A scanning means for reciprocating a document, an imaging through lens system, and an odd or even number of plane mirrors that together with the imaging through lens system form a first optical path from the scanned area to the surface of the photoreceptor. A first roof-type reflecting mirror having a mirror surface angle smaller than 2 right angles shares the imaging through lens system with the first optical path, forming a second optical path from the scanned part to the surface of the photoreceptor. an odd or even number of plane mirrors and a second roof-type reflector having a mirror surface angle smaller than 2 right angles, which blocks the second optical path during forward scanning and blocks the first optical path during backward scanning; and an optical path switching means, in the first and second optical paths, the light beams traveling through the optical path components are arranged from opposite sides to each other,
By arranging the mirrors to be incident on the imaging lens system, and by making the directions of the ridge lines of the roof-type reflectors in each optical path different from each other by 90 degrees, it is possible to 1. A scanning exposure device for a copying machine, characterized in that a light image, either a mirror image or a normal image, of a document is projected onto the surface of a photoreceptor. 2. In claim 1, the first and second optical paths each have a pair of plane mirrors on the object space side of the imaging through lens, that is, in the document side space, and each of these pair of plane mirrors is The scanning plane mirror moves in a fixed direction along the surface, and the scanning plane mirror moves in a direction parallel to the moving direction of the scanning plane mirror in order to keep the optical path length and the angle of incidence of the light beam to the imaging through lens system unchanged. A plane mirror that follows the scanning plane mirror at a moving speed that is 1/2 of the moving speed of the plane mirror, and scanning of the original is performed by moving the pair of plane mirrors.
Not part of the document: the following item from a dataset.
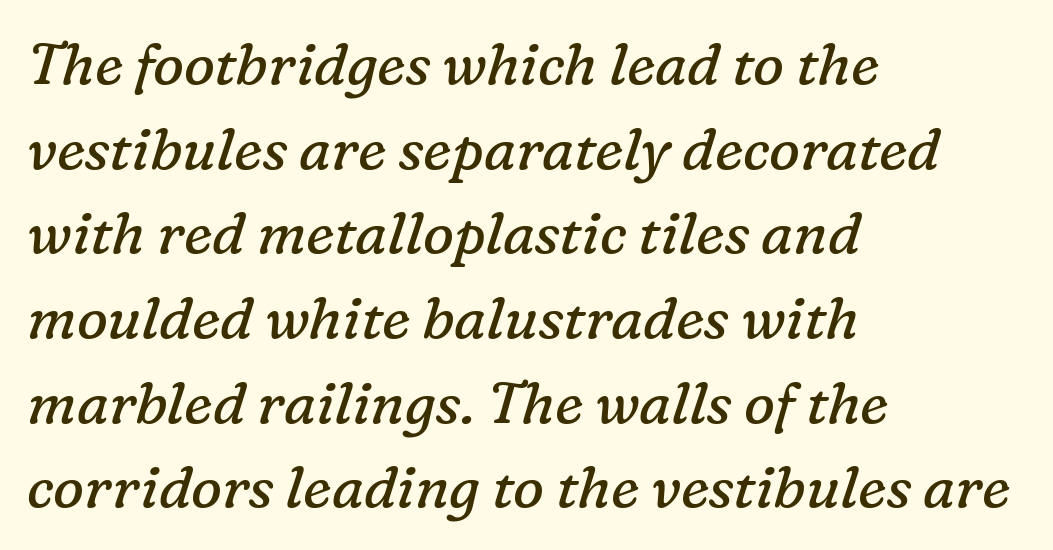
{"serif": "yes", "italic": "yes", "lean": "right", "slant_degrees": 16, "bold": "no", "weight": "regular", "width": "normal", "stroke_contrast": "low", "x_height": "medium", "monospaced": "no", "underline": "no", "align": "left", "line_spacing": "normal", "line_spacing_ratio": 1.46, "letter_spacing": "normal", "letter_spacing_em": 0.0, "glyph_px": 58}

A scanning exposure device in a copying machine. 3 In claim 2, the scanning plane mirror is a single single-sided or double-sided mirror, and this scanning plane mirror is shared by the first and second optical paths, and the direction of the mirror surface can be switched or A scanning exposure device for a copying machine, characterized in that an optical path is selected by selectively using mirror surfaces on both sides. 4. Claim 1 is characterized in that the elements constituting the first and second optical paths are each fixed at a fixed position, and the document is scanned by transporting the document back and forth. A scanning exposure device in a copying machine.